There will only be a few places that you can go to relax. Hell, you might just be so bad that there is someone who is so scared of you, they will wait outside with a shotgun to blow your fucking head off.  When my wife and I walk into a bar or restaurant, she steps to one side, I stay behind her on the opposite side. This is just in case someone wants to shoot me; with the hope they will have a clear shot and not hit her.

You need to be ready to be tempted beyond anything you have ever known for a simple good night’s sleep. I drink heavily sometimes just so that I can pass out when I’m having a bad night. Oh the joys of waking up and sweating bullets with your hands bleeding from pounding the wall next to the bed, your wife staring at you from across the room because she is terrified that if she touches you, she will get hit. You need to be ready to go places inside your head that, up until then, were only a horror movie on late night TV.

Another route is to become so fucked up no one can be around you because they don’t trust you not to go off.  If you’re a normal human being, and I use that term loosely, you will begin to hate yourself and feel increasing guilt as you age. If you have a wife and kids, you will worry that someone will do to them the things that you have done as a payback to you.

Or, you will become a callous, soulless creature that will always be alone no matter who you are with. And trust me folks, that life sucks even more.  You can be in a room full of people and still be the loneliest son of a bitch in the world. Men don’t want to be your friends and women are afraid of you. All the macho posturing and strutting around hides the fact that you would do anything to have someone tell you that you are not broken, that they love you.

Be ready to bury the few friends you have because they may just be as fucked up as you are. Before I was 40 years old I had been a pall bearer 36 times, three of them for elderly grandparents and two for natural causes. The rest were caused by violent deaths, drug or alcohol related, and paybacks. Some of the last few remaining brothers I have are all survivors of the violence trade.
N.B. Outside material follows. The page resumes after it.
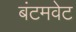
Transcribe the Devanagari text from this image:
बंटमवेट
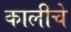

I have friends that have fought meth addiction for years because they don’t want to sleep. Sleep is when the bad things happen over and over again.  Guys I worked with over the years in different aspects, have either overdosed on drugs, drank themselves to death, or ate a bullet just to stop the crazy inside their heads.  There are men that I would have died for missing because no one knows whether they are alive or dead.  They just disappeared.

Then, when you want out of the life, there are two ways. Either you cut ties and hope no one finds you or you make it so fucking bloody and costly that not one of those people you were involved with want to risk bringing themselves to your attention.

Or, if you’re involved in criminal enterprises, then you might, and I say might, be able to turn over and rat out your former buddies. The protection that the Feds or cops offer will only last as long as you are valuable to them and their case. After that, here is your new name and ID, have a nice life, don’t draw attention to yourself. So you want be a bad ass huh? Still think it’s worth it?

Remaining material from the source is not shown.